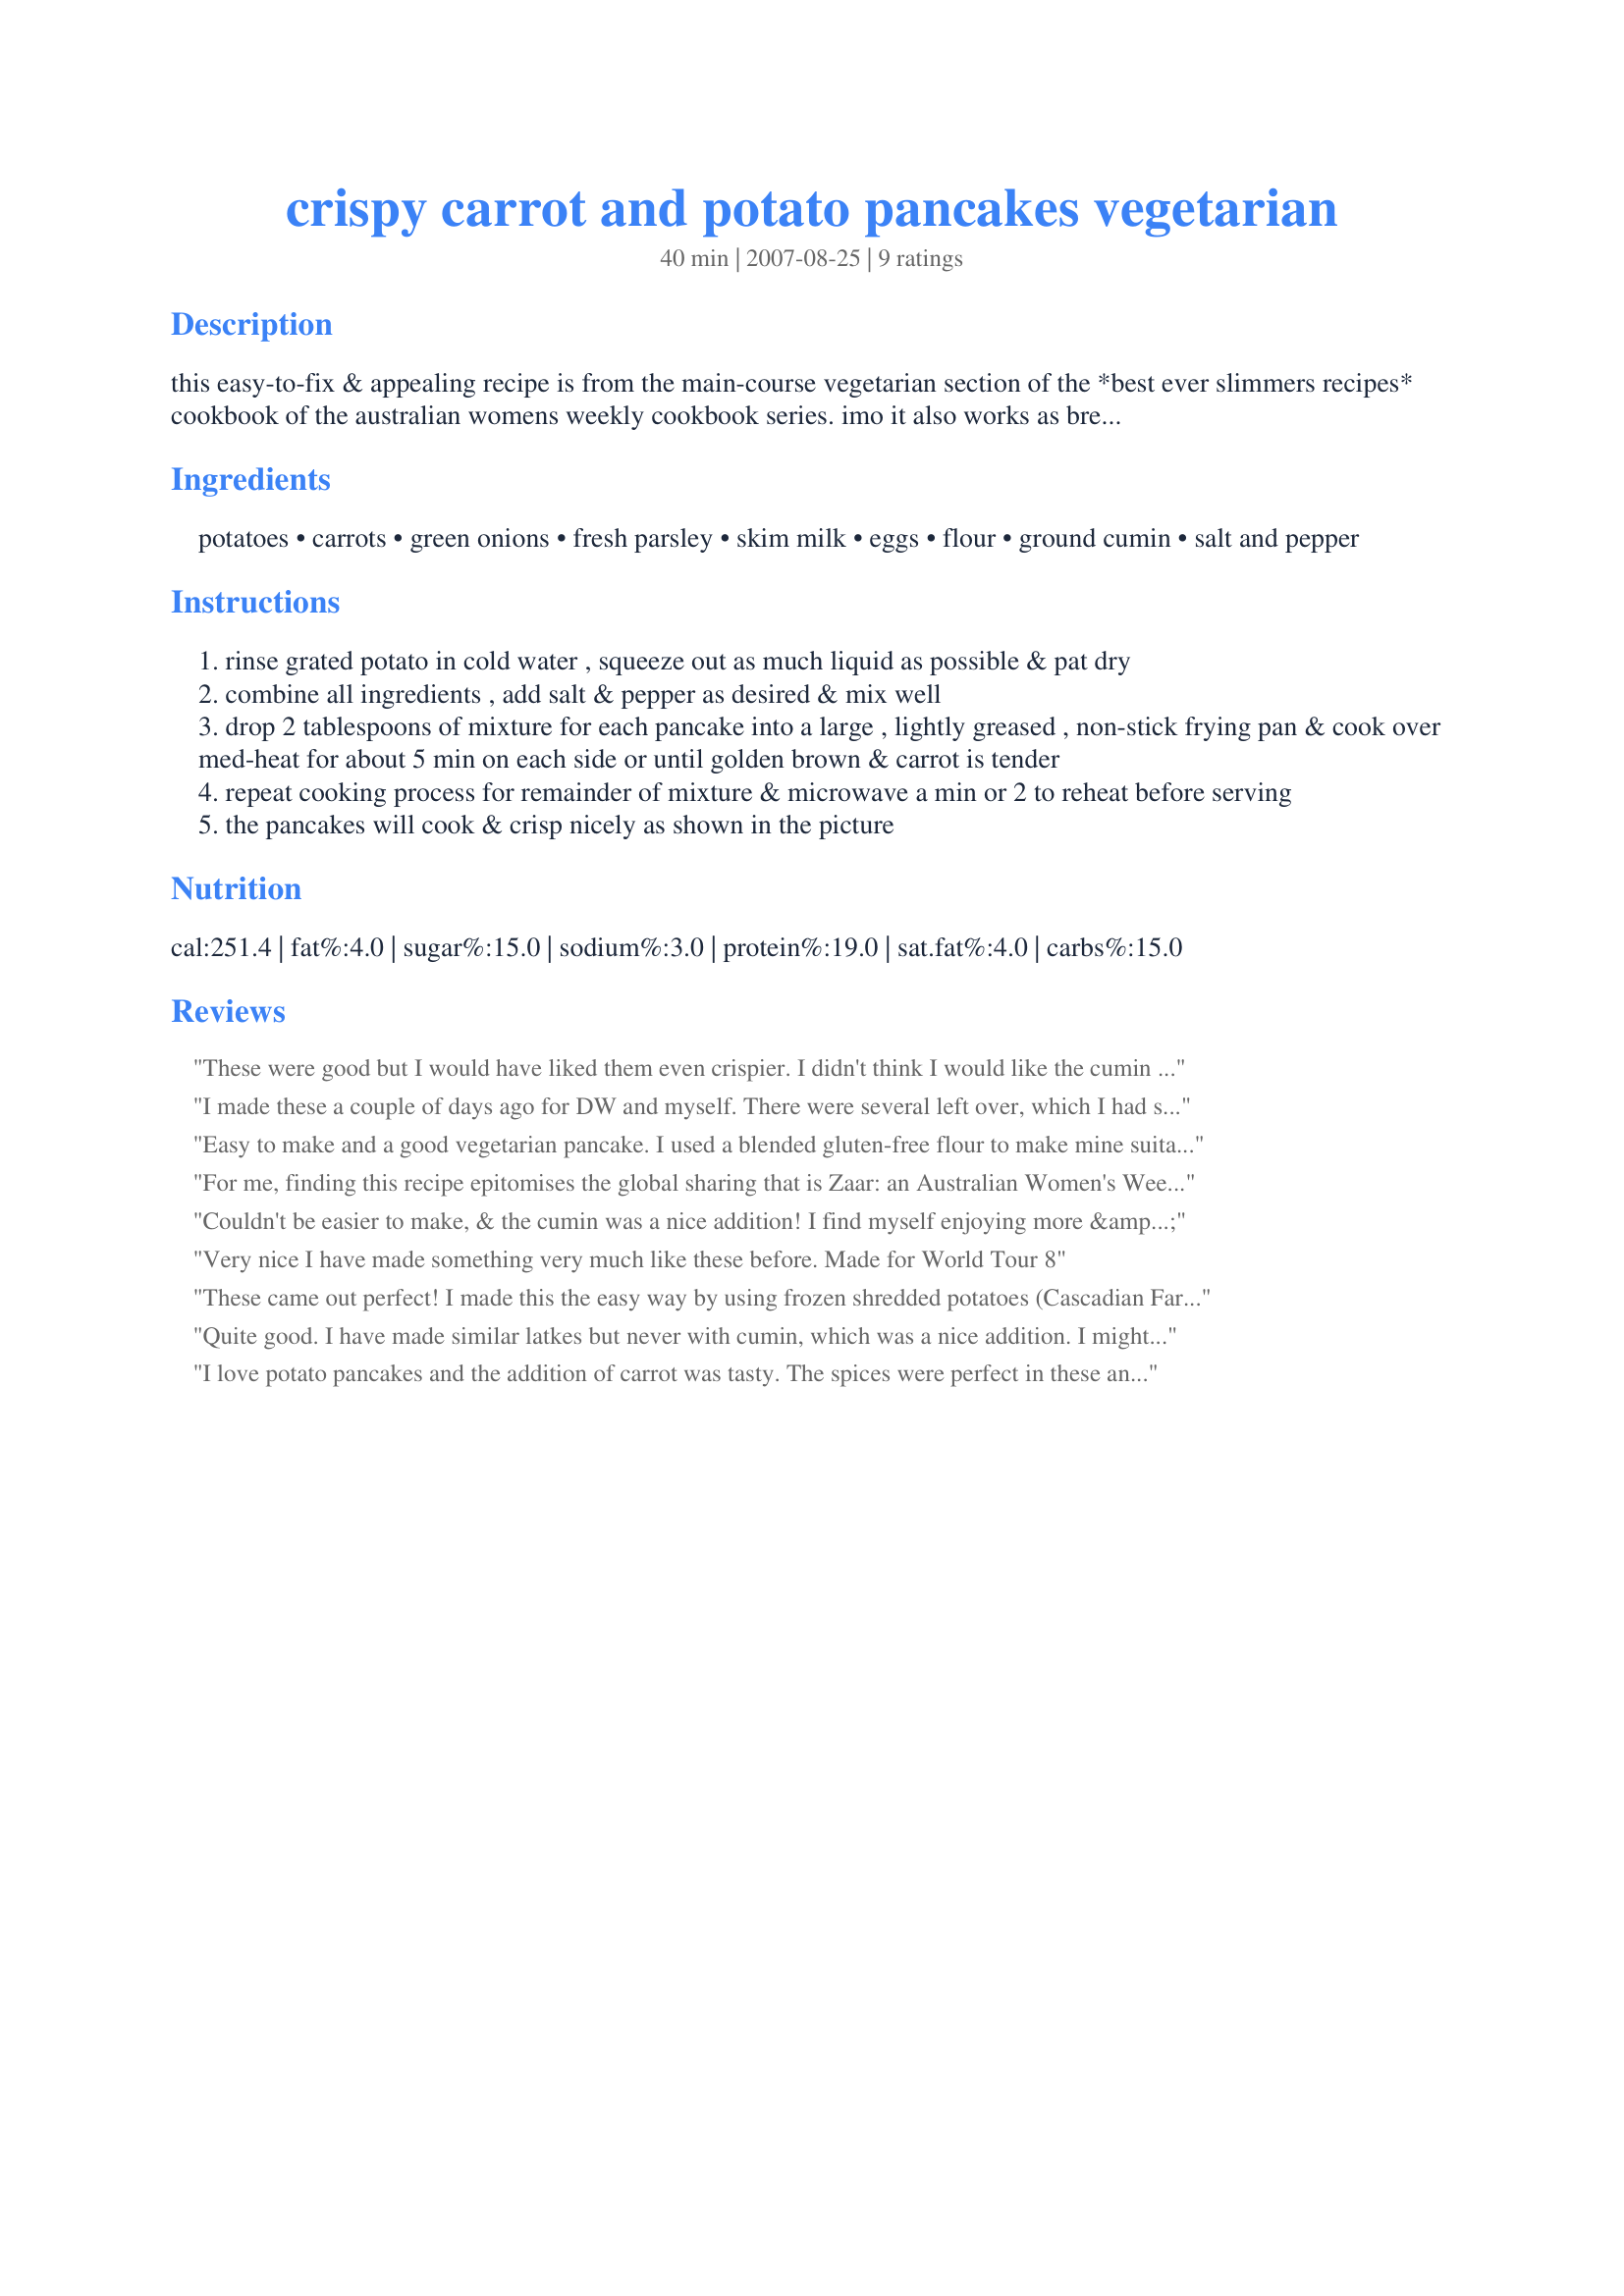
crispy carrot and potato pancakes vegetarian
Preparation time: 40 minutes

this easy-to-fix & appealing recipe is from the main-course vegetarian section of the *best ever slimmers recipes* cookbook of the australian womens weekly cookbook series. imo it also works as breakfast or brunch fare served w/fruit or as an excellent side-dish to combine the veggie & potato parts of a meal. i made them as a side-dish to leg of lamb & the yield was exactly as stated. we tasted them plain, buttered & w/a dollop of sour cream - all excellent! for an extra *carrot kick* , try pairing them w/my recipe #245728. *enjoy* !

Ingredients:
potatoes, carrots, green onions, fresh parsley, skim milk, eggs, flour, ground cumin, salt and pepper

Steps:
rinse grated potato in cold water , squeeze out as much liquid as possible & pat dry
combine all ingredients , add salt & pepper as desired & mix well
drop 2 tablespoons of mixture for each pancake into a large , lightly greased , non-stick frying pan & cook over med-heat for about 5 min on each side or until golden brown & carrot is tender
repeat cooking process for remainder of mixture & microwave a min or 2 to reheat before serving
the pancakes will cook & crisp nicely as shown in the picture

Reviews:
These were good but I would have liked them even crispier. I didn't think I would like the cumin but I did! Good cakes :)
I made these a couple of days ago for DW and myself. There were several left over, which I had scheduled for another meal. DS and DD got into the left-overs, and everything was gone, so I am having (twist my arm!!) to make another batch for supper tonight.
Obviously, everyone loved them!! I added a bit more (3x) cumin, but we love that spice, so it was kinda natural to elevate the level, otherwise I made the recipe as it it written. I used 1/3C of batter for each pancake, made two at a time in the fry-pan and cooked a little longer since my pancakes were bigger, and everything was perfect. This is a great side dish for many meats (tonight it's chicken sausage) and also works well with a dahl or other kind of vegetarian protein dish.
Thanks!!
PJH
Easy to make and a good vegetarian pancake. I used a blended gluten-free flour to make mine suitable for my diet/lifestyle. Photo also to be posted. Reviewed for ZWT8 Australia/NZ region.
For me, finding this recipe epitomises the global sharing that is Zaar: an Australian Women's Weekly recipe boomeranged back to Australia via Ieland! ;) Loved these pancakes and the fact that they are so low in fat, so easy to make and SO, SO delicious. I minced the potatoes and carrots in my mini processor and added one leek (also minced) that needed to be used. The parsley, cumin and green onion provided a great blend of flavours that perfectly complemented the vegetables. We enjoyed these with baby spinach leaves, Karen=^..^='s Recipe #260025 and tzatziki. Thank you so much for posting this recipe, twissis! Made for Gimme 5, and certainly a recipe I look forward to making and enjoying again!.
Couldn't be easier to make, & the cumin was a nice addition! I find myself enjoying more & more of these kinds of vegetable patties! Thanks, much for sharing a recipe that's a KEEPER! [Tagged, made & reviewed in Healthy Choices ABC cooking game]
Very nice I have made something very much like these before. Made for World Tour 8
These came out perfect! I made this the easy way by using frozen shredded potatoes (Cascadian Farms, defrosted first) and a bag of shredded carrots from the produce section. Although the carrots were not finely shredded they cooked up just fine. I used cooking spray on a non-stick frying pan. Although mine didn't turn out as brown as those in other photos, the eggs were cooked well which is all that really mattered. I used about 1/4 cup for each pancake and I could cook 4 at a time. I also liked the microwave suggestion because one always worries about pancakes cooling off while the others are cooking.
Quite good. I have made similar latkes but never with cumin, which was a nice addition. I might even add more next time. Served this with grilled pork chops bt look forward to having these for breakfast next time. Made for Fall 2007 PAC.
I love potato pancakes and the addition of carrot was tasty. The spices were perfect in these and gave them the perfect flavor. Made for ZWT8.
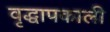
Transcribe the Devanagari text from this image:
वृद्धापकाली
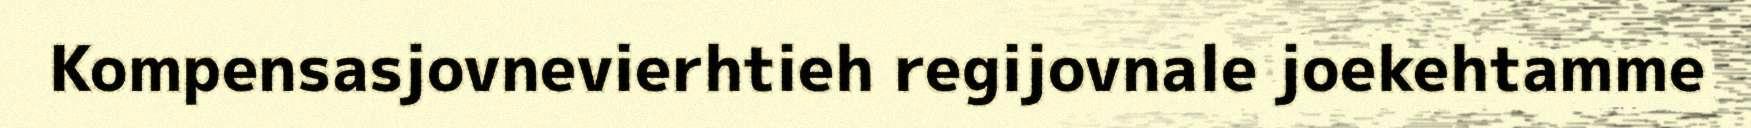
Kompensasjovnevierhtieh regijovnale joekehtamme
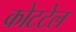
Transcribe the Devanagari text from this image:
कोटटेल
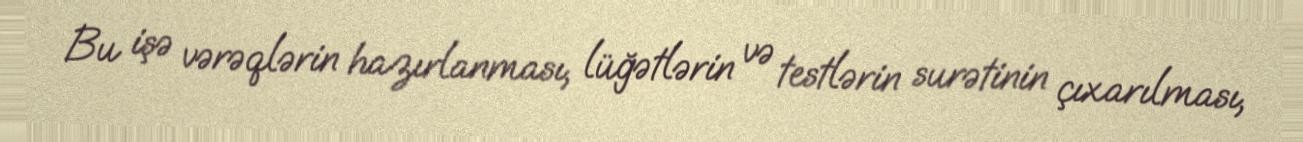
Bu işə vərəqlərin hazırlanması, lüğətlərin və testlərin surətinin çıxarılması,
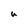
Character: u
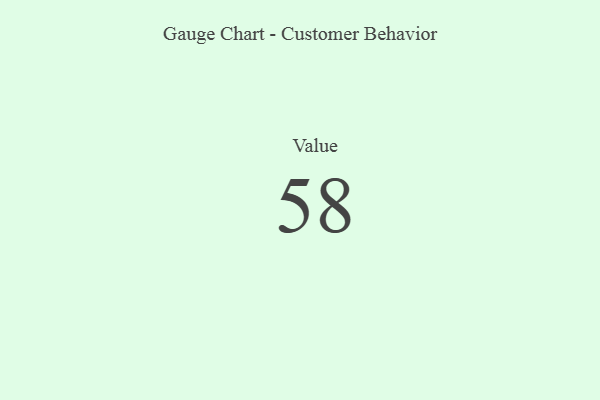
{"axis": {"x": "Metric", "y": "Value"}, "legend": [""], "data": [{"x": "Value", "y": 58, "type": ""}]}

## Exercise description
Only a number is wanted here: the count of lines above that hold the word "addition".

## Problem solution
3